It seemed to confirm what Kasparov thought he knew that he’d successfully dragged the game into a position where the number of possibilities was so mind-bogglingly large that Deep Blue couldn’t make a sensible decision. From Kasparov’s end of the table, the delays made it look as if the machine was struggling, churning through more and more calculations. During their infamous six-game match, the machine would occasionally hold off from declaring its move once a calculation had finished, sometimes for several minutes. In order to beat Kasparov, Deep Blue had to understand him not simply as a highly efficient processor of brilliant chess moves, but as a human being.įor a start, the IBM engineers made the brilliant decision to design Deep Blue to appear more uncertain than it was. That symbolic victory, of machine over man, which in many ways marked the start of the algorithmic age, was down to far more than sheer raw computing power. The outcome of the match is well known, but the story behind how Deep Blue secured its win is less widely appreciated. will have a lasting effect on society.But when IBM’s Deep Blue faced Kasparov in the famous match of May 1997, the machine was immune to such tactics. AlphaZero's performance shows that we have to take artificial intelligence seriously, and proves that we are witnessing an enormous change. It also knows other games that it has taught itself. And AlphaZero can do more than just play chess. AlphaZero would play out, if AlphaZero were slowed down to human speed. It would be interesting to see how a game of human vs. The deep network structure is reminiscent of a human brain, and it calculates more slowly: per game, it assesses thousands of times fewer moves than Stockfish. In a sense, AlphaZero is more human than a normal computer.

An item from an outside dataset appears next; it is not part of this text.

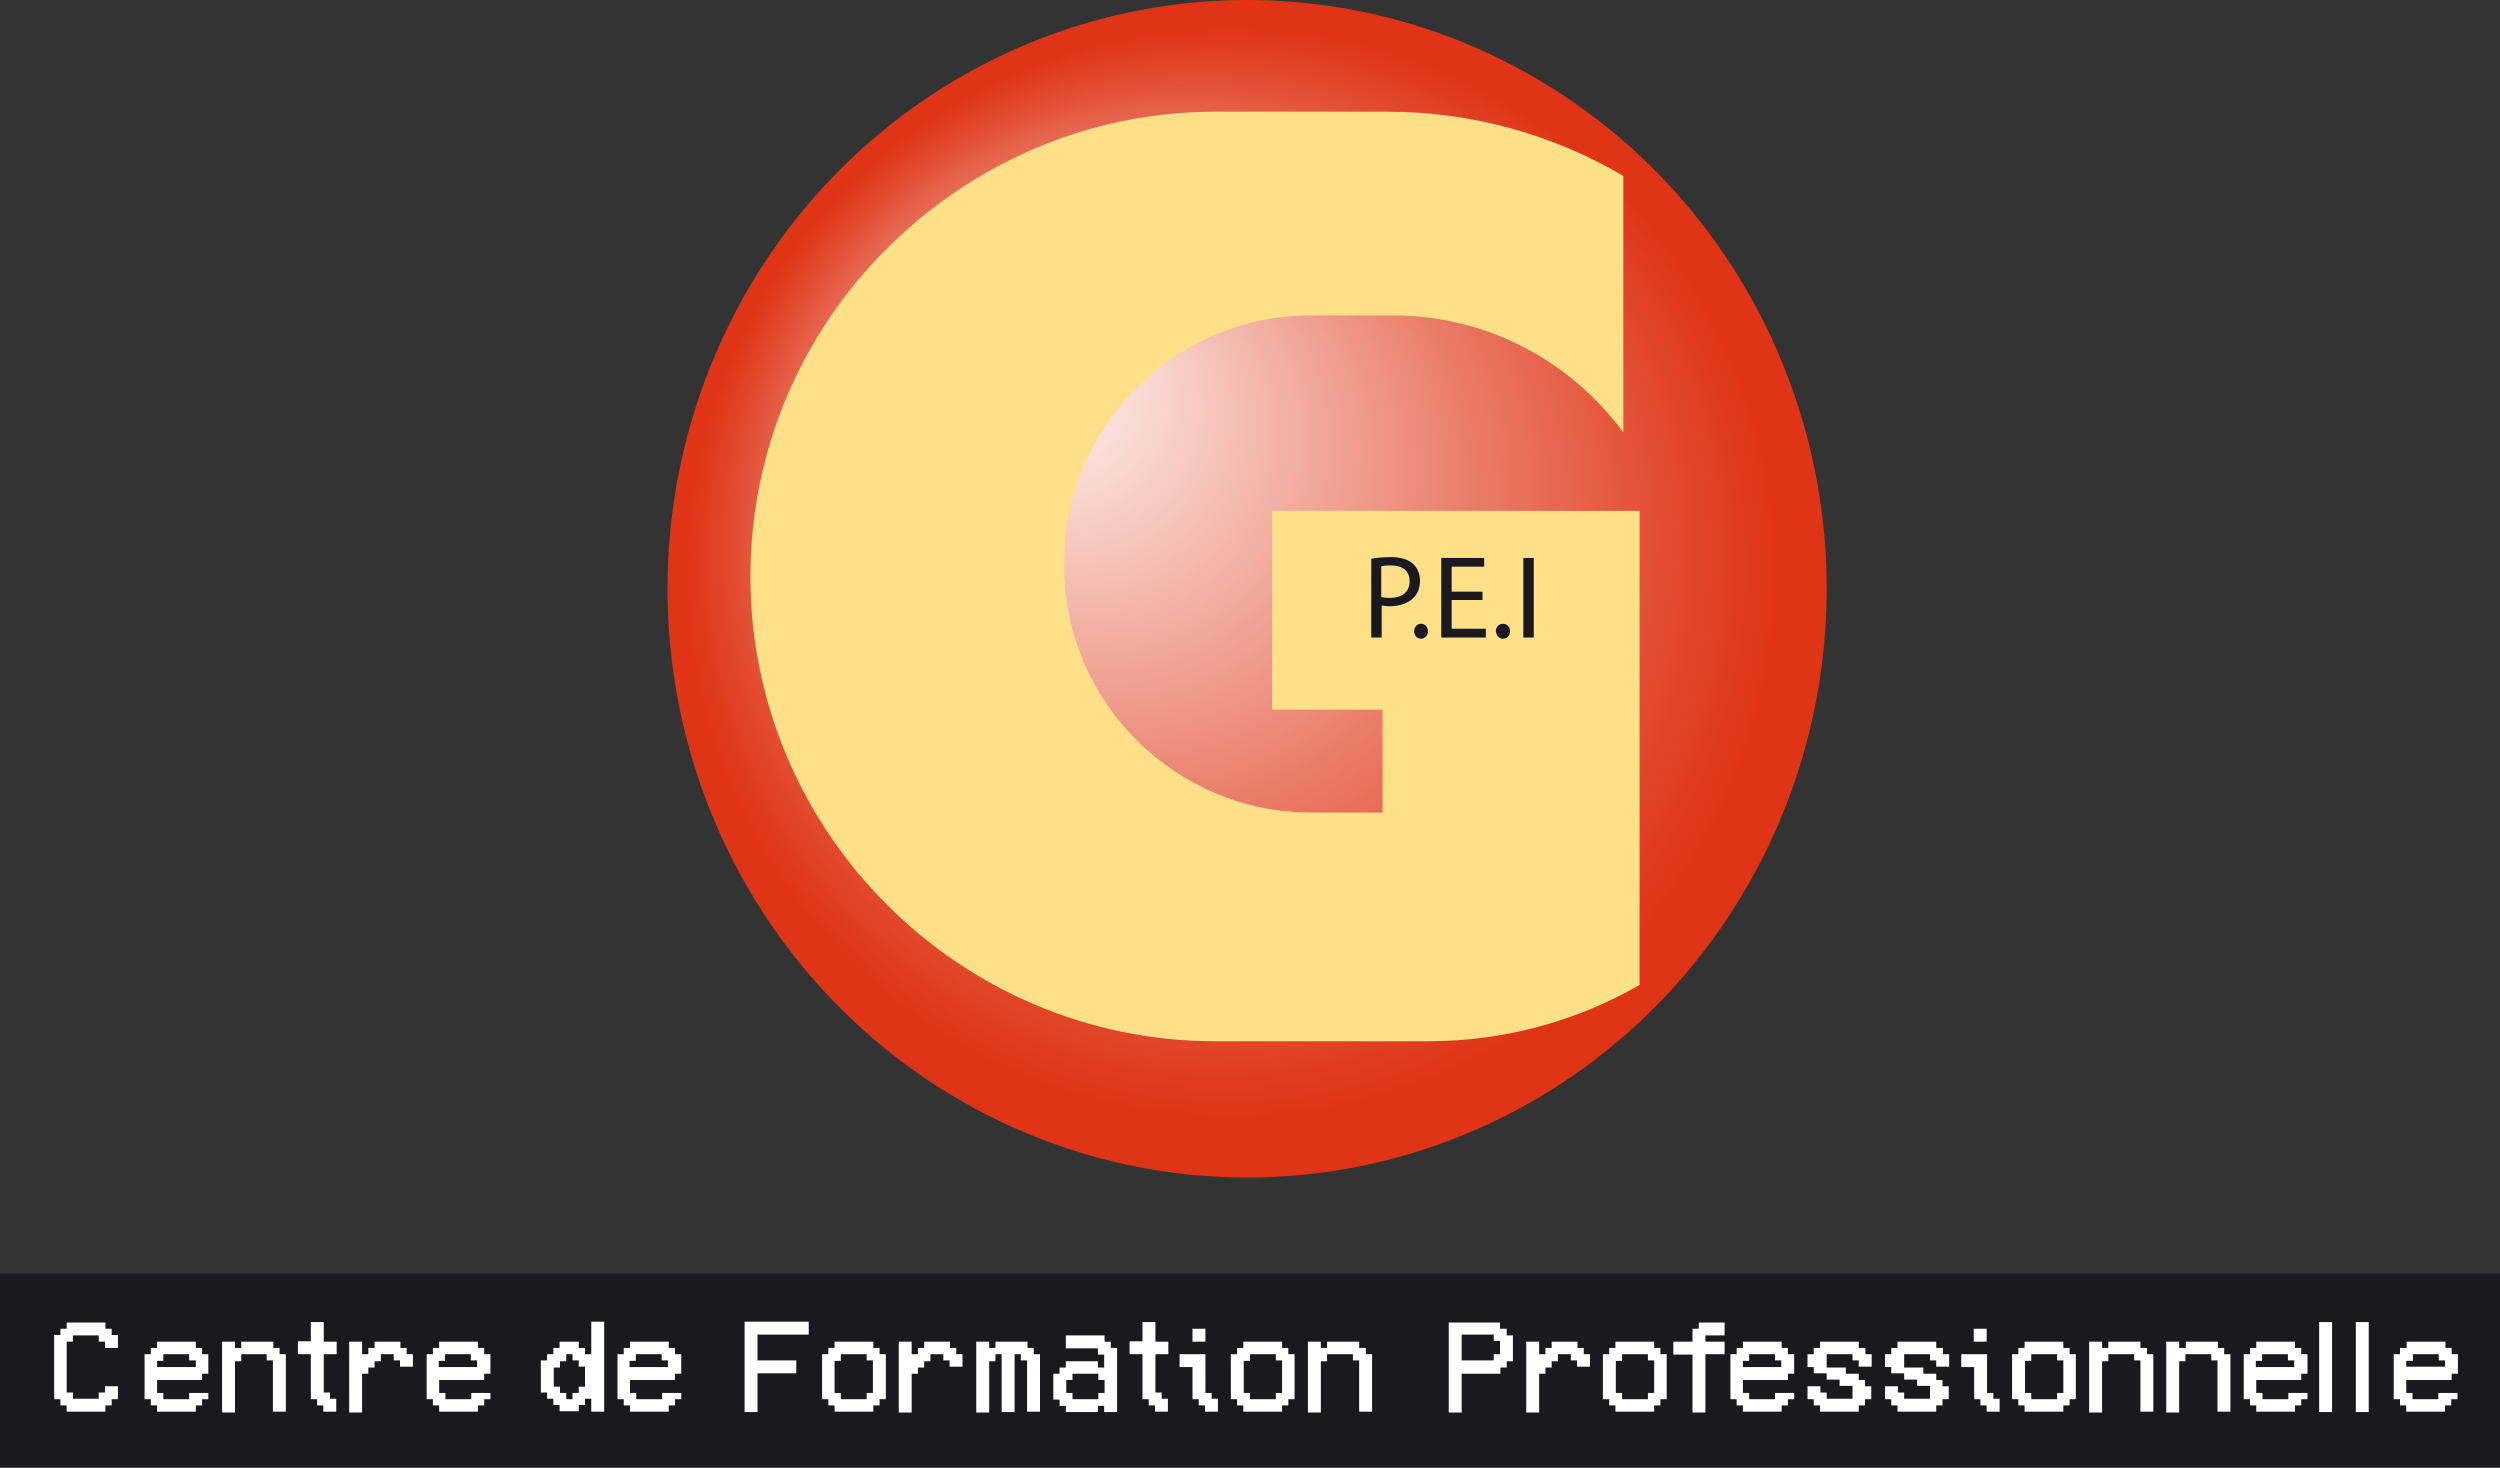 <svg xmlns="http://www.w3.org/2000/svg" width="600" height="352.2" viewBox="0 0 600 352.2"><rect x="0" y="0" width="600" height="352.2" fill="#333333" stroke="none"/><radialGradient id="a" cx="299.295" cy="141.341" r="140.249" fx="243.245" fy="84.963" gradientUnits="userSpaceOnUse"><stop offset="0" stop-color="#fff"/><stop offset=".214" stop-color="#f7ccc4"/><stop offset=".568" stop-color="#ea7b67"/><stop offset=".815" stop-color="#e2492d"/><stop offset=".933" stop-color="#df3516"/></radialGradient><ellipse cx="299.3" cy="141.3" rx="139.1" ry="141.3" fill="url(#a)"/><path d="M393.5 122.6v113.8c-15 8.6-32.3 13.5-50.7 13.5h-51.2c-61.3 0-111.5-50.2-111.5-111.5 0-30.7 12.5-58.6 32.8-78.8s48.1-32.8 78.7-32.8h41.3c20.6 0 40 5.6 56.7 15.4v61.6c-12.5-17-32.6-28.1-55.2-28.1h-19.8c-32.6 0-59.2 26.6-59.2 59.2v.9c0 32.6 26.6 59.2 59.2 59.2h17.2v-24.7h-26.5v-47.7h88.2z" fill="#fde088"/><path d="M0 305.7v46.5h600v-46.5H0zm331.5-160.4c.6.1 1.2.2 2 .2 2.4 0 4.5-.7 5.8-2.1 1-1 1.5-2.3 1.5-4.1 0-1.7-.7-3.1-1.7-4-1.1-1-2.9-1.6-5.3-1.6-2 0-3.5.2-4.7.4V153h2.5v-7.7zm0-9.4c.4-.1 1.2-.2 2.3-.2 2.7 0 4.5 1.2 4.5 3.8 0 2.6-1.8 4-4.8 4-.8 0-1.5-.1-2-.2v-7.4zm7.9 15.6c0 1 .7 1.8 1.6 1.8 1 0 1.7-.8 1.7-1.8s-.7-1.8-1.7-1.8c-.9 0-1.6.8-1.6 1.8zm17.3-.6h-8.3V144h7.4v-2h-7.4v-6h7.8v-2.1h-10.3V153h10.7v-2.1zm4 2.4c1 0 1.7-.8 1.7-1.8s-.7-1.8-1.7-1.8-1.7.8-1.7 1.8c.1 1 .8 1.8 1.7 1.8zm7.4-19.4h-2.5V153h2.5v-19.1z" fill="#1a191d"/><path d="M26.8 318.9h-1.5v-1.5H16v1.5h-1.5v1.5H13v15.4h1.5v1.5H16v1.5h9.3v-1.5h1.5v-1.5h1.5v-3.1h-3.1v1.5h-1.5v1.5h-6.2v-1.5H16V322h1.5v-1.5h6.2v1.5h1.5v1.5h3.1v-3.1h-1.5v-1.5zm21.8 4.6H47V322h-9.3v1.5h-1.5v1.5h-1.5v10.8h1.5v1.5h1.5v1.5H47v-1.5h1.5v-1.5H50v-1.5h-4.6v1.5h-6.2v-1.5h-1.5v-3.1h10.8v-1.5H50V325h-1.5v-1.5zm-1.6 4.6h-9.3v-1.5h1.5V325h6.2v1.5H47v1.6zm20.1-4.6h-1.5V322h-7.7v1.5h-1.5V322h-3.1v17h3.1v-12.3h1.5V325H64v1.5h1.5v12.3h3.1V325h-1.5v-1.5zm10.6-6.2h-3.1v4.6h-3.1v3.1h3.1v10.8h1.5v1.5h1.5v1.5h3.1v-3.1h-1.5v-1.5h-1.5V325h3.1v-3h-3.1v-4.7zm19.9 6.2h-1.5V322h-6.2v1.5h-1.5v1.5h-1.5v-3h-3.1v17h3.1v-9.3h1.5v-1.5h1.5v-1.5h1.5V325h3.1v1.5H96v1.5h3.1v-3h-1.5v-1.5zm18.6 0h-1.5V322h-9.3v1.5h-1.5v1.5h-1.5v10.8h1.5v1.5h1.5v1.5h9.3v-1.5h1.5v-1.5h1.5v-1.5h-4.6v1.5h-6.2v-1.5h-1.5v-3.1h10.8v-1.5h1.5V325h-1.5v-1.5zm-1.6 4.6h-9.3v-1.5h1.5V325h6.2v1.5h1.5v1.6zm27.3-3.1h-1.5v-1.5h-1.5V322h-4.6v1.5h-1.5v1.5h-1.5v1.5h-1.5v7.7h1.5v1.5h1.5v1.5h1.5v1.5h4.6v-1.5h1.5v-1.5h1.5v3.1h3.1v-21.6h-3.1v7.8zm-1.5 7.8h-1.5v1.5h-1.5v1.5h-1.5v-1.5h-1.5v-1.5h-1.5v-4.6h1.5v-1.5h1.5V325h1.5v1.5h1.5v1.5h1.5v4.8zm21.6-9.3h-1.5V322h-9.3v1.5h-1.5v1.5h-1.5v10.8h1.5v1.5h1.5v1.5h9.3v-1.5h1.5v-1.5h1.5v-1.5h-4.6v1.5h-6.2v-1.5h-1.5v-3.1H162v-1.5h1.5V325H162v-1.5zm-1.6 4.6h-9.3v-1.5h1.5V325h6.2v1.5h1.5v1.6zm18.3 10.8h3.1v-9.3h9.3v-3.1h-9.3v-6.2h12.3v-3.1h-15.4v21.7zm32.4-15.4h-1.5V322h-9.3v1.5h-1.5v1.5h-1.5v10.8h1.5v1.5h1.5v1.5h9.3v-1.5h1.5v-1.5h1.5V325h-1.5v-1.5zm-1.6 10.8H208v1.5h-6.2v-1.5h-1.5v-7.7h1.5V325h6.2v1.5h1.5v7.8zm20.1-10.8H228V322h-6.2v1.5h-1.5v1.5h-1.5v-3h-3.1v17h3.1v-9.3h1.5v-1.5h1.5v-1.5h1.5V325h3.1v1.5h1.5v1.5h3.1v-3h-1.5v-1.5zm18.5 0h-1.5V322h-7.7v1.5h-1.5V322h-3.1v17h3.1v-12.3h1.5V325h1.5v13.9h3.1V325h1.5v1.5h1.5v12.3h3.1V325h-1.5v-1.5zm18.5-1.5h-1.5v-1.5h-9.3v3.1h7.7v1.5h1.5v3.1h-1.5v-1.5h-7.7v1.5h-1.5v1.5h-1.5v6.2h1.5v1.5h1.5v1.5h7.7v-1.5h1.5v1.5h3.1v-15.4h-1.5V322zm-1.5 12.3h-1.5v1.5h-6.2v-1.5h-1.5v-3.1h1.5v-1.5h6.2v1.5h1.5v3.1zm12.2-17h-3.1v4.6h-3.1v3.1h3.1v10.8h1.5v1.5h1.5v1.5h3.1v-3.1h-1.5v-1.5h-1.5V325h3.1v-3h-3.1v-4.7zm13.5 17h-1.5V325h-6.2v3.1h3.1v7.7h1.5v1.5h1.5v1.5h3.1v-3.1h-1.5v-1.4zm-1.5-15.4h-3.1v3.1h3.1v-3.1zm19.9 4.6h-1.5V322h-9.3v1.5h-1.5v1.5h-1.5v10.8h1.5v1.5h1.5v1.5h9.3v-1.5h1.5v-1.5h1.5V325h-1.5v-1.5zm-1.5 10.8h-1.5v1.5H300v-1.5h-1.5v-7.7h1.5V325h6.2v1.5h1.5v7.8zm20-10.8h-1.5V322h-7.7v1.5H317V322h-3.1v17h3.1v-12.3h1.5V325h6.2v1.5h1.5v12.3h3.1V325h-1.5v-1.5zm33.8-4.6H360v-1.5h-12.3V339h3.1v-9.3h9.3v-1.5h1.5v-1.5h1.5v-6.2h-1.5v-1.6zM360 325h-1.5v1.5h-7.7v-6.2h7.7v1.5h1.5v3.2zm20.1-1.5h-1.5V322h-6.2v1.5h-1.5v1.5h-1.5v-3h-3.1v17h3.1v-9.3h1.5v-1.5h1.5v-1.5h1.5V325h3.1v1.5h1.5v1.5h3.1v-3h-1.5v-1.5zm18.5 0H397V322h-9.3v1.5h-1.5v1.5h-1.5v10.8h1.5v1.5h1.5v1.5h9.3v-1.5h1.5v-1.5h1.5V325h-1.5v-1.5zm-1.6 10.8h-1.5v1.5h-6.2v-1.5h-1.5v-7.7h1.5V325h6.2v1.5h1.5v7.8zm10.7-15.4h-1.5v3.1h-4.6v3.1h4.6V339h3.1v-14h4.6v-3h-4.6v-1.5h4.6v-3.1h-6.2v1.5zm21.4 4.6h-1.5V322h-9.3v1.5h-1.5v1.5h-1.5v10.8h1.5v1.5h1.5v1.5h9.3v-1.5h1.5v-1.5h1.5v-1.5H426v1.5h-6.2v-1.5h-1.5v-3.1h10.8v-1.5h1.5V325h-1.5v-1.5zm-1.5 4.6h-9.3v-1.5h1.5V325h6.2v1.5h1.5v1.6zm20-4.6h-1.5V322h-9.3v1.5h-1.5v1.5h-1.5v3.1h1.5v1.5h3.1v1.5h3.1v1.5h3.1v3.1h-6.2v-1.5h-1.5v-1.5h-3.1v3.1h1.5v1.5h1.5v1.5h9.3v-1.5h1.5v-1.5h1.5v-3.1h-1.5v-1.5h-1.5v-1.5H443v-1.5h-4.6V325h6.2v1.5h1.5v1.5h3.1v-3h-1.5v-1.5zm18.6 0h-1.5V322h-9.3v1.5h-1.5v1.5h-1.5v3.1h1.5v1.5h3.1v1.5h3.1v1.5h3.1v3.1H457v-1.5h-1.5v-1.5h-3.1v3.1h1.5v1.5h1.5v1.5h9.3v-1.5h1.5v-1.5h1.5v-3.1h-1.5v-1.5h-1.5v-1.5h-3.1v-1.5H457V325h6.2v1.5h1.5v1.5h3.1v-3h-1.5v-1.5zm10.6-4.6h-3.1v3.1h3.1v-3.1zm1.6 15.4h-1.5V325h-6.2v3.1h3.1v7.7h1.5v1.5h1.5v1.5h3.1v-3.1h-1.5v-1.4zm18.3-10.8h-1.5V322h-9.3v1.5h-1.5v1.5h-1.5v10.8h1.5v1.5h1.5v1.5h9.3v-1.5h1.5v-1.5h1.5V325h-1.5v-1.5zm-1.5 10.8h-1.5v1.5h-6.2v-1.5H486v-7.7h1.5V325h6.2v1.5h1.5v7.8zm20-10.8h-1.5V322H506v1.5h-1.5V322h-3.1v17h3.1v-12.3h1.5V325h6.2v1.5h1.5v12.3h3.1V325h-1.5v-1.5zm18.6 0h-1.5V322h-7.7v1.5H523V322h-3.1v17h3.1v-12.3h1.5V325h6.2v1.5h1.5v12.3h3.1V325h-1.5v-1.5zm18.5 0h-1.5V322h-9.3v1.5H540v1.5h-1.5v10.8h1.5v1.5h1.5v1.5h9.3v-1.5h1.5v-1.5h1.5v-1.5h-4.6v1.5H543v-1.5h-1.5v-3.1h10.8v-1.5h1.5V325h-1.5v-1.5zm-1.6 4.6h-9.3v-1.5h1.5V325h6.2v1.5h1.5v1.6zm5.9 10.8h3.1v-21.6h-3.1v21.6zm8.8 0h3.1v-21.6h-3.1v21.6zm23-7.7v-1.5h1.5V325h-1.5v-1.5h-1.5V322h-9.3v1.5H576v1.5h-1.5v10.8h1.5v1.5h1.5v1.5h9.3v-1.5h1.5v-1.5h1.5v-1.5h-4.6v1.5H579v-1.5h-1.5v-3.1h10.9zm-10.8-4.6h1.5V325h6.2v1.5h1.5v1.5h-9.3v-1.4z" fill="#fff"/></svg>

Grandmaster Daniel King thinks that AlphaZero will change chess theory and the professional game as soon as it is publicly accessible. As AlphaZero began by knowing no chess theory, it had to develop its own theories. Instead, it plays with "real artificial" intelligence. AlphaZero plays very unusually not like a human, but also not like a typical computer. I recommend that anyone who understands anything about chess watch the tenth game against Stockfish. (There are a few valid objections that discuss the use of hardware and unfair competition rules.) It initially made a lot of beginner's mistakes, but after four hours of self-training, it defeated Stockfish. AlphaZero only knew the rules of chess it learned the game by playing against itself for a few hours. Stockfish knows a lot of chess theory, and is familiar with every game ever played. The best programmes, such as Stockfish, reached such a high level years ago that humans stand no chance against them. Since Deep Blue, chess programmes have been continuously refined. But the wolf is really here, and it has a name: AlphaZero.ĪlphaZero, a computer programme from DeepMind, can teach itself skills such as chess. I think that AI research and its advocates have cried wolf too often – meaning that now, people don't tend to see the value of real successes and genuine breakthroughs. Finally, IBM's Watson won the quiz show Jeopardy! – but was it truly down to intelligence, or was it just a case of advanced googling? A few years later, a car from Stanford succeeded in navigating autonomously, but even that was only only in the desert. Critics complained that chess was not a real test of intelligence, and repeated John Searle's Chinese room argument: Deep Blue didn't really understand the game, it simply calculated very quickly. Eventually, researchers didn't even want to talk about "artificial intelligence", preferring instead to study the more modest field of "machine learning".Īt the turn of the millennium came a few successes: IBM's Deep Blue defeated Garry Kasparov at chess.
Even more optimistic were the predictions that computers would be able to perform any and every human task by 1985 – but even today, we're still a long way from that being the case.ĭisillusionment often followed, large-scale research programmes were scrapped, and a series of AI winters set in. It was expected by 1968 it happened around 30 years later. For example, they announced that a computer would become a chess grandmaster. Over the last 60 years, artificial intelligence researchers have continually made futuristic predictions.